### Exercise requirements
Among the entries below, one stretch runs from the line that contains "5th November, 1984." through the line that contains "We are pleased". Repeat that stretch exactly, ends included, and only that.

### Data for review
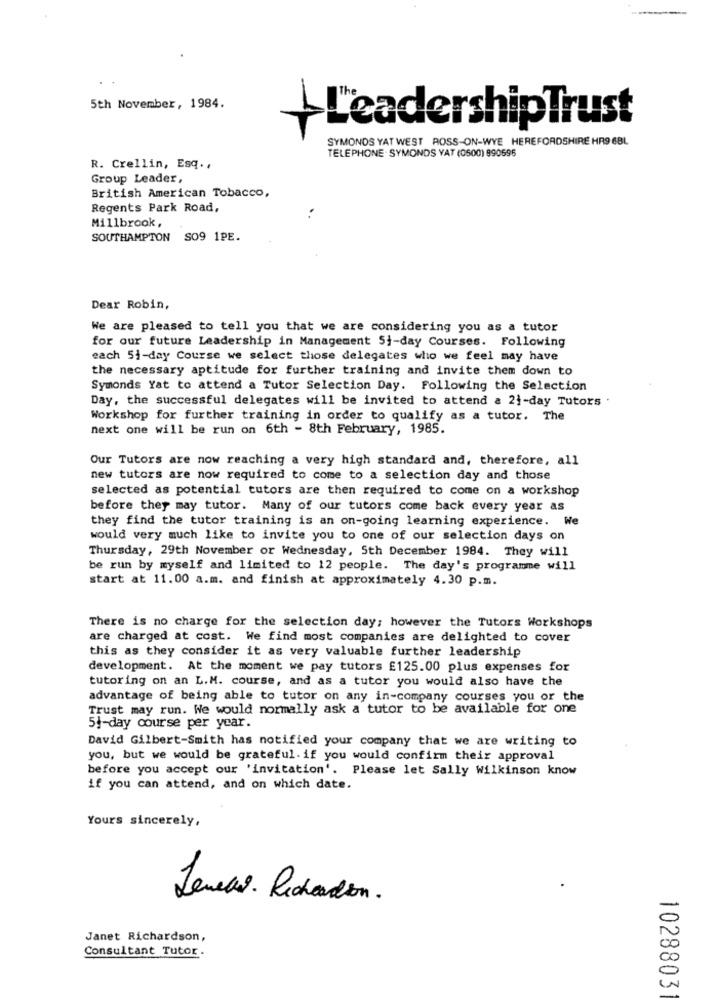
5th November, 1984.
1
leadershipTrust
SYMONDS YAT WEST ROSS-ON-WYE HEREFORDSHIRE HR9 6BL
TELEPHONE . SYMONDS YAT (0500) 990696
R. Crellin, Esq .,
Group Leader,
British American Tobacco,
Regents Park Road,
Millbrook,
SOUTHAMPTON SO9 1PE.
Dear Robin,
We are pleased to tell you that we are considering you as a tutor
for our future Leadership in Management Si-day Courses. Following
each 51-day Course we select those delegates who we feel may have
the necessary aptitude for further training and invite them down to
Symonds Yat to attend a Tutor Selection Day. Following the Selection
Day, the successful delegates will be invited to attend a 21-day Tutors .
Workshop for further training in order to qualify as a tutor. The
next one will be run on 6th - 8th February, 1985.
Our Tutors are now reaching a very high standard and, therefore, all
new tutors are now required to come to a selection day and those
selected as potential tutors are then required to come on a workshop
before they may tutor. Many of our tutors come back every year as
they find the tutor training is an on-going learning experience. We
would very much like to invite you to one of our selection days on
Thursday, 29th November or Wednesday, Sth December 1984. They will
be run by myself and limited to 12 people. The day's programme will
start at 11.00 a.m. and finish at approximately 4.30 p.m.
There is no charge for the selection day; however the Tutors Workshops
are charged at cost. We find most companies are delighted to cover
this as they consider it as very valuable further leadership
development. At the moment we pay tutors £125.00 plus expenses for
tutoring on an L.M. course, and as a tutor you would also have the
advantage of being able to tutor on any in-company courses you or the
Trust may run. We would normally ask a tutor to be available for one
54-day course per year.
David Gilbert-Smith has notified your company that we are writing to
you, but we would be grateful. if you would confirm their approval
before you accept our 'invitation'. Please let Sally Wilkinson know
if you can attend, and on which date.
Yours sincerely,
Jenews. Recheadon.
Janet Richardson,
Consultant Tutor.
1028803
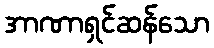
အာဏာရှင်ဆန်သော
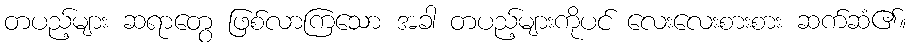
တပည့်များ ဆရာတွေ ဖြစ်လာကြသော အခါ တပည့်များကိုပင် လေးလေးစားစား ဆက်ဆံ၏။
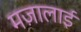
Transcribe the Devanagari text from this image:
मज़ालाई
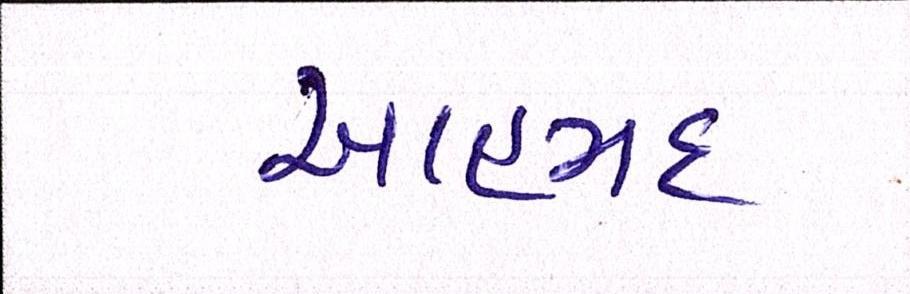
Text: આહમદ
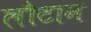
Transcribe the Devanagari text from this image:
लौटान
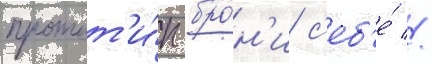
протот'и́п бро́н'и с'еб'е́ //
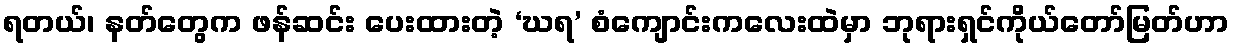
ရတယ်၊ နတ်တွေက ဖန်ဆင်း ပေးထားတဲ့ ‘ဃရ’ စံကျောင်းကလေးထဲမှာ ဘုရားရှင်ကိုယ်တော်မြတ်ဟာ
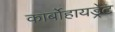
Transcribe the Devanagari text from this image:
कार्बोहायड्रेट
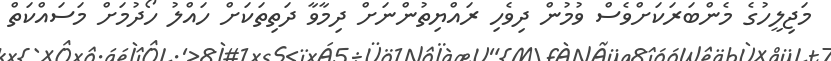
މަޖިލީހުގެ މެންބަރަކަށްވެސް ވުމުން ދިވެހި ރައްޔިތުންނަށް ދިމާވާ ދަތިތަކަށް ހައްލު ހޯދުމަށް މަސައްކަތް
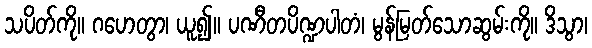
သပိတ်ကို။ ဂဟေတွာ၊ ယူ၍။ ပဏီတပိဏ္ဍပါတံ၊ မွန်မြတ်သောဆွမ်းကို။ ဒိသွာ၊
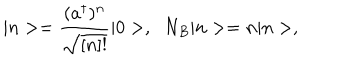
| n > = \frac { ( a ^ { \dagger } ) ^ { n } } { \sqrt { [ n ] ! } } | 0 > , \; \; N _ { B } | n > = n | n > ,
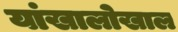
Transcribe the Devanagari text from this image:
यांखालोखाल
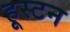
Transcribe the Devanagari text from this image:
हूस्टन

---

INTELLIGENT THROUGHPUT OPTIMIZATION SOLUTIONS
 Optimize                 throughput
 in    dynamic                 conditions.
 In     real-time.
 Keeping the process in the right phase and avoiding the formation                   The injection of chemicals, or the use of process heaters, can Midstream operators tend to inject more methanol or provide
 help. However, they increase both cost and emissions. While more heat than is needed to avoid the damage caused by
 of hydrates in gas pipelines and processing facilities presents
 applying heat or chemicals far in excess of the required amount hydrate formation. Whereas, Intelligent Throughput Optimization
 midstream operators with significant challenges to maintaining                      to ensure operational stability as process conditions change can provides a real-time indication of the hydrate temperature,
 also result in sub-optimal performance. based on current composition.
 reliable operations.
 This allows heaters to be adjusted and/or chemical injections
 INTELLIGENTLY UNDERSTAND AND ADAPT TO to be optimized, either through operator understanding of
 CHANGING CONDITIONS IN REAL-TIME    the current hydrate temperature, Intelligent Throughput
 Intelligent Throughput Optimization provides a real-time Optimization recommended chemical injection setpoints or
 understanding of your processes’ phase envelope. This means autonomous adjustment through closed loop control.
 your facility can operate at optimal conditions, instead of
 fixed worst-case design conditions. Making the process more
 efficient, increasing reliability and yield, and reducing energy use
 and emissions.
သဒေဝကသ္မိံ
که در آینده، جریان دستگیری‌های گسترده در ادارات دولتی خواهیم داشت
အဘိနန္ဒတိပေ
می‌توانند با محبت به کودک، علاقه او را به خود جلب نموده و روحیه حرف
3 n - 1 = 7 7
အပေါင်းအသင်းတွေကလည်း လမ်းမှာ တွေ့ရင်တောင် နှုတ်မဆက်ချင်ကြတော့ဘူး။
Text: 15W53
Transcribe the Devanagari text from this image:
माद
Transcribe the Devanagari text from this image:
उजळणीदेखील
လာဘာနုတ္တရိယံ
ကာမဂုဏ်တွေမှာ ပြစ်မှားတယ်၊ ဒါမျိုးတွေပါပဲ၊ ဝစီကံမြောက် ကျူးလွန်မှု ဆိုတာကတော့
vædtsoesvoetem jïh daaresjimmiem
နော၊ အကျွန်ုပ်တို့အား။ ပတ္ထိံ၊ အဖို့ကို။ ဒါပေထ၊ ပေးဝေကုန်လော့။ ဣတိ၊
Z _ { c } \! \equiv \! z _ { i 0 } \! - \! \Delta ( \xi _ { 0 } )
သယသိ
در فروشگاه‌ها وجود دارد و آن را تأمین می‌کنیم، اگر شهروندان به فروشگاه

### Response area
5th November, 1984.
1
leadershipTrust
SYMONDS YAT WEST ROSS-ON-WYE HEREFORDSHIRE HR9 6BL
TELEPHONE . SYMONDS YAT (0500) 990696
R. Crellin, Esq .,
Group Leader,
British American Tobacco,
Regents Park Road,
Millbrook,
SOUTHAMPTON SO9 1PE.
Dear Robin,
We are pleased to tell you that we are considering you as a tutor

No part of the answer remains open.